> INSTRUCTIONS TO FOLLOW: Scan the records for the string "Question", then copy each line that has it.

[Items from a dataset]
------------------------------------------------------------

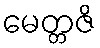
မေတ္တဇိ
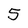
Character: 5
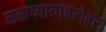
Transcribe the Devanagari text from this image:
सहाध्यायांबरोबर
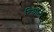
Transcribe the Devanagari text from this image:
रियाभी
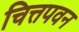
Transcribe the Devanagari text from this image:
चित्तपवन
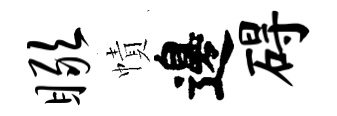
瞰幘邊碍
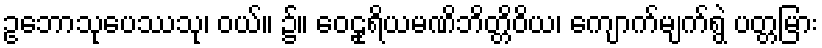
ဥဘောသုပေဿသု၊ ဝယ်။ ၌။ ဝေဠုရိယမဏိဘိတ္တိဝိယ၊ ကျောက်မျက်ရွဲ ပတ္တမြား
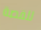
للقصة
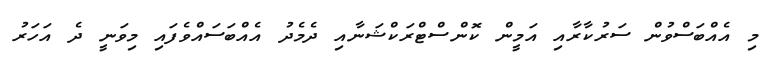
މި އެއްބަސްވުން ސަރުކާރާއި އަމީން ކޮންސްޓްރަކްޝަނާއި ދެމެދު އެއްބަސައްވެފައި މިވަނީ ދެ އަހަރު
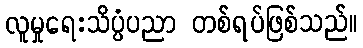
လူမှုရေးသိပ္ပံပညာ တစ်ရပ်ဖြစ်သည်။
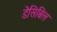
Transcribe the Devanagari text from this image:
डेसिबिल
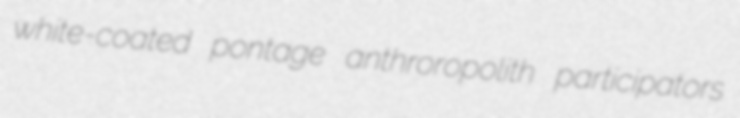
white-coated pontage anthroropolith participators
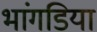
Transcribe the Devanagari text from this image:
भांगडिया
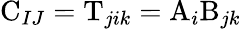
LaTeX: \mathrm{C}_{IJ}=\mathrm{T}_{jik}=\mathrm{A}_{i}\mathrm{B}_{jk}
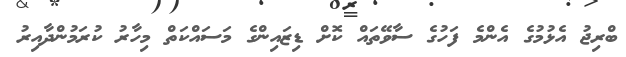
ބްރިޖު އެޅުމުގެ އެންމެ ފަހުގެ ސާވޭތައް ކޮށް ޑިޒައިންގެ މަސައްކަތް މިހާރު ކުރަމުންދާއިރު
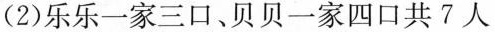
(2)乐乐一家三口、贝贝一家四口共7人(5
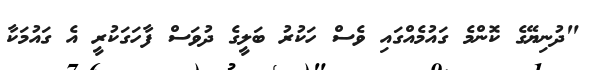
"ދުނިޔޭގެ ކޮންމެ ގައުމެއްގައި ވެސް ހަކުރު ބަލީގެ ދުވަސް ފާހަގަކުރީ އެ ގައުމަކާ
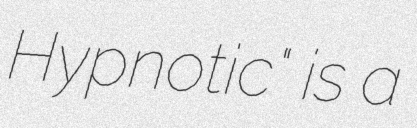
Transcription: Hypnotic" is a
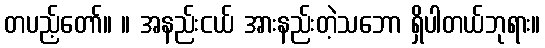
တပည့်တော်။ ။ အနည်းငယ် အားနည်းတဲ့သဘော ရှိပါတယ်ဘုရား။
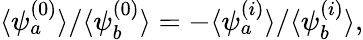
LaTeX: \langle\psi_{a}^{(0)}\rangle/\langle\psi_{b}^{(0)}\rangle=-\langle\psi_{a}^{(i)}\rangle/\langle\psi_{b}^{(i)}\rangle,
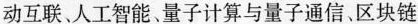
动互联、人工智能、量子计算与量子通信、区块链
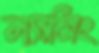
ল্যাসিং
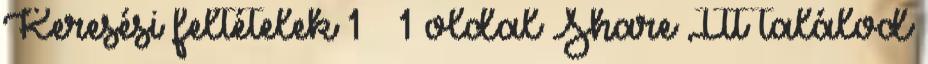
Keresési feltételek 1 1 oldal Share Itt találod
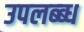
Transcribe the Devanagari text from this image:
उपलब्ब्ध
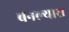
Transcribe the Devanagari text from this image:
बनल्यास
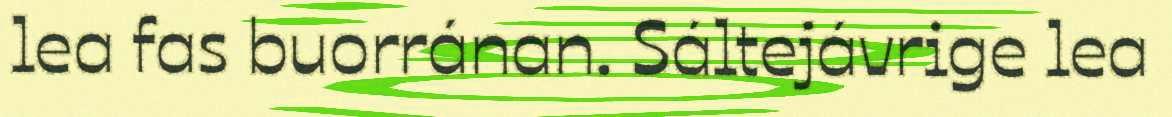
lea fas buorránan. Sáltejávrige lea
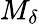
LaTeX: M_{\delta}
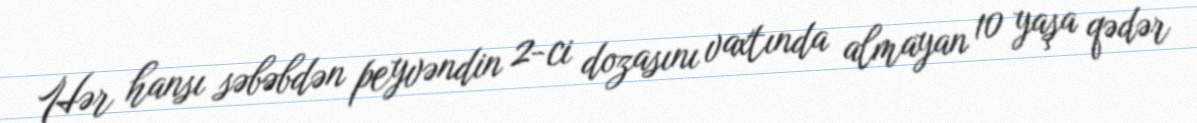
Hər hansı səbəbdən peyvəndin 2-ci dozasını vaxtında almayan 10 yaşa qədər
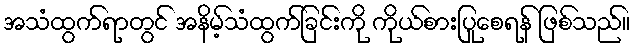
အသံထွက်ရာတွင် အနိမ့်သံထွက်ခြင်းကို ကိုယ်စားပြုစေရန် ဖြစ်သည်။
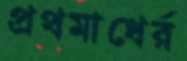
প্রথমাধের্র
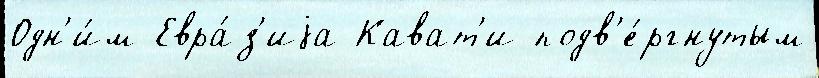
Одн'и́м Евра́з'иjа Кават'и подв'е́ргнутым
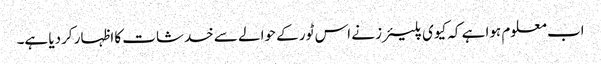
اب معلوم ہوا ہے کہ کیوی پلیئرز نے اس ٹور کے حوالے سے خدشات کا اظہار کردیا ہے۔
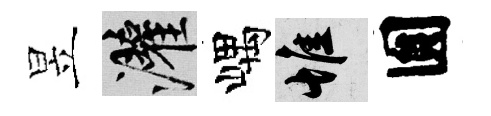
昱灌嵎惟圎
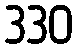
330
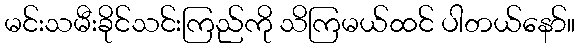
မင်းသမီးခိုင်သင်းကြည်ကို သိကြမယ်ထင် ပါတယ်နော်။
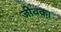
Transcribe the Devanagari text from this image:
जीवक।
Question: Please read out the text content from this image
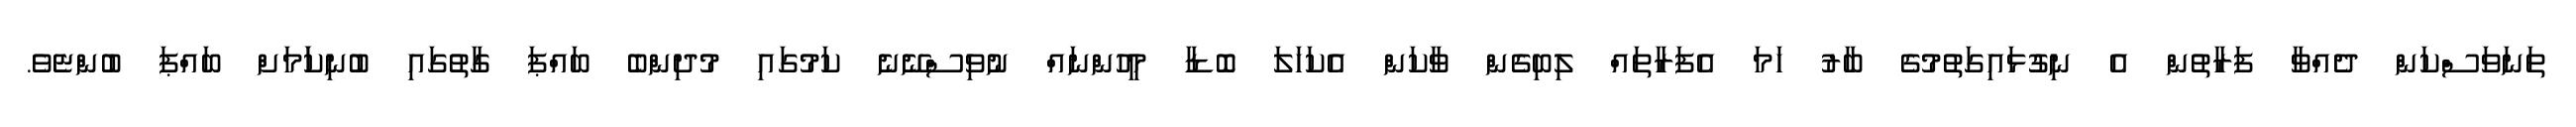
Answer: ތަނަވަސްކަން ދެއްވާ ފަރާތުން އެ ނިގުޅައިގަތުމުގެ ބާރު ހަމަ އެފަރާތައް ލިބިގެން ވާކަން އެކަހަލަ ބޮޑާ މީހުންނައް ނުވިސްނޭނެ ކަމުގައި މުދިންބެ ބައްޕަ ގާތުގައި ބުނިކަަމަށް ބައްޕަ ބުންޏެވެ.
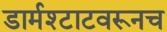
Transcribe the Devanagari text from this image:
डार्मश्टाटवरूनच
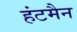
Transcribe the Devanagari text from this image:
हंटमैन
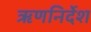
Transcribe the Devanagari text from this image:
ऋणनिर्देश
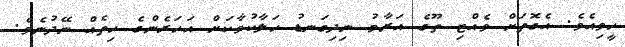
ހީވިއެވެ. އެގޮތަށް ވެއްޓި ތޫގެ އަރާމު ނިދިގަނޑު ހަލާކުވާކަށް އަހަރެންގެ ހިތެއް ނޭދުނެވެ.
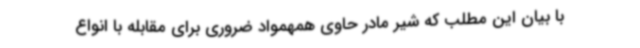
با بیان این مطلب که شیر مادر حاوی همهمواد ضروری برای مقابله با انواع
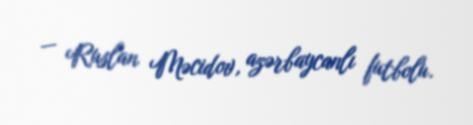
— Ruslan Məcidov, azərbaycanlı futbolu.
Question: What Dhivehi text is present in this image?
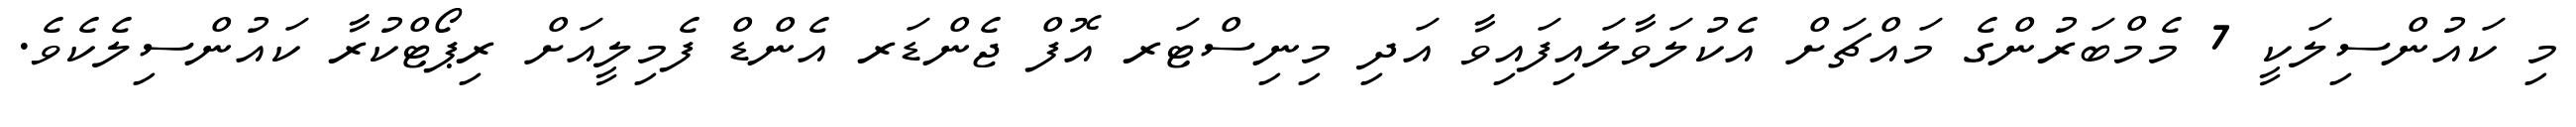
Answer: މި ކައުންސިލަކީ 7 މެމްބަރުންގެ މައްޗަށް އެކުލަވާލައިފައިވާ އަދި މިނިސްޓަރ އޮފް ޖެންޑަރ އެންޑް ފެމިލީއަށް ރިޕޯޓްކުރާ ކައުންސިލެކެވެ.
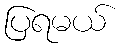
ပြရမယ်
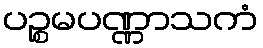
ပဉ္စမပဏ္ဏာသကံ
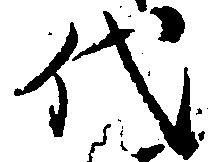
代
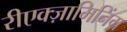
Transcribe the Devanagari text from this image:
रीएक्ज़ामिनिंग
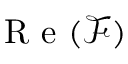
\mathrm { ~ R ~ e ~ } ( \mathcal { F } )
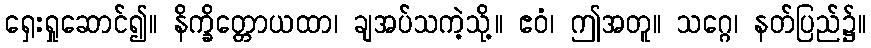
ရှေးရှုဆောင်၍။ နိက္ခိတ္တောယထာ၊ ချအပ်သကဲ့သို့။ ဧဝံ၊ ဤအတူ။ သဂ္ဂေ၊ နတ်ပြည်၌။
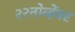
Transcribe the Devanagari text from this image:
२२नोव्हेंबर
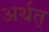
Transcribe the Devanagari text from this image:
अर्थत्
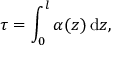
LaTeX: \tau = \int _ { 0 } ^ { l } \alpha ( z ) \, \mathrm { d } z ,
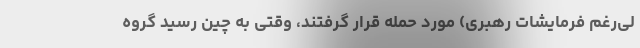
لی‌رغم فرمایشات رهبری) مورد حمله قرار گرفتند، وقتی به چین رسید گروه
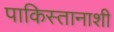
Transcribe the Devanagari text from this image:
पाकिस्तानाशी
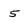
Character: 5
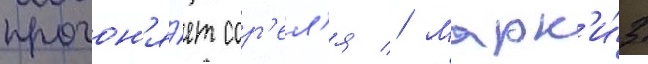
прогон'я́ет сор'ел'я // Марк'и́з
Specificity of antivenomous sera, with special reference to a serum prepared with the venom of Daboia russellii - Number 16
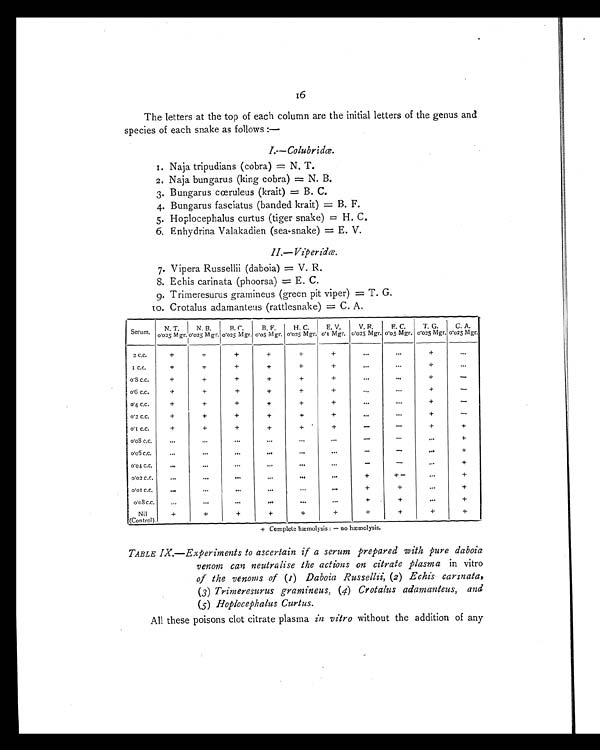
16
The letters at the top of each column are the initial letters of the genus and
species of each snake as follows :—
I.—Colubridœ.
1. Naja tripudians (cobra) = N. T.
2. Naja bungarus (king cobra) = N. B.
3. Bungarus cœruleus (krait) = B. C.
4. Bungarus fasciatus (banded krait) = B. F.
5. Hoplocephalus curtus (tiger snake) = H. C.
6. Enhydrina Valakadien (sea-snake) = E. V.
II.—Viperidœ.
7. Vipera Russellii (daboia) = V. R.
8. Echis carinata (phoorsa) = E. C.
9. Trimeresurus gratnineus (green pit viper) = T. G.
10.
Crotalus adamanteus (rattlesnake) = C. A.
Serum .
N. T.
0.025 Mgr.
N. B.
0 . 0 2 5 M g r .
B. C.
l 0.025 Mgr.
B. F.
0.05 Mgr.
H. C.
0.025 Mgr.
E. V.
0.1 Mgr.
V.P.
0.025 Mgr.
E. C.
0.05 Mgr.
T. G.
0.025 Mgr.
C. A.
0.025 Mgr.
2 C . C .
+
+
+
+
+
+
. . .
. . .
+
...
1 C.C.
+
+
+
+
+
+
. . .
. . .
+
. . .
0 . 8 C . C .
+
+
+
+
+
+
. . .
. . .
+
—
0 . 6 C . C .
+
+
+
+
+
+
....
...
+
—
0 . 4 C . C .
+
+
+
+
+
+
...
...
+
—
0.2 C.C.
+
+
+
+
+
+
...
...
+
—
0 . 1 C . C .
+
+
+
+
+
+
—
—
+
+
0 . 0 8 C . C .
...
...
...
...
...
...
—
—
...
+
0 . 0 5 C . C .
...
...
... ... ... ...
—
—
...
+
0 . 0 4 C . C .
...
...
...
... ...
...
—
—
...
+
0 . 0 2 C . C .
...
... ... ... ... ...
+
+ —
...
+
0 . 0 1 C . C .
... ... ... ... ... ...
+
+
...
+
0 . 0 8 C . C .
...
...
...
... ... ...
+
+
...
+
Nil
(Control).
+
+
+
+
+
+
+
+
+
+
+ Complete hæmolysis : — no hæmolysis.
TABLE IX.—Experiments to ascertain if a serum prepared with pure daboia
venom can neutralise the actions on citrate plasma in vitro
of the venoms of (1) Daboia Russellii, (2) Echis carinata,
(3) Trimeresurus granzineus, (4) Crotalus adamanteus, and
(5) Hoplocephalus Curtus.
All these poisons clot citrate plasma in vitro without the addition of any
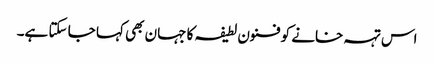
اس تہہ خانے کو فنون لطیفہ کا جہان بھی کہا جا سکتا ہے۔
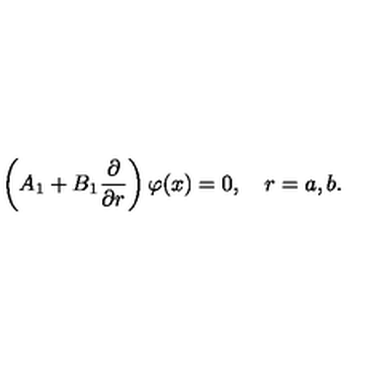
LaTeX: \left( A _ { 1 } + B _ { 1 } \frac { \partial } { \partial r } \right) \varphi ( x ) = 0 , \quad r = a , b .
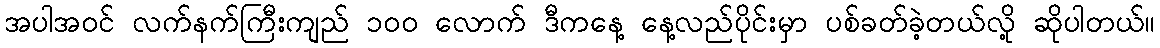
အပါအဝင် လက်နက်ကြီးကျည် ၁၀၀ လောက် ဒီကနေ့ နေ့လည်ပိုင်းမှာ ပစ်ခတ်ခဲ့တယ်လို့ ဆိုပါတယ်။
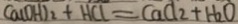
C a ( O H ) _ { 2 } + H C l = C a C l _ { 2 } + H _ { 2 } O
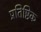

------------------------------------------------------------

> EXERCISE SOLUTION:
Question: Please read out the text content from this image
Question: What Dhivehi text is present in this image?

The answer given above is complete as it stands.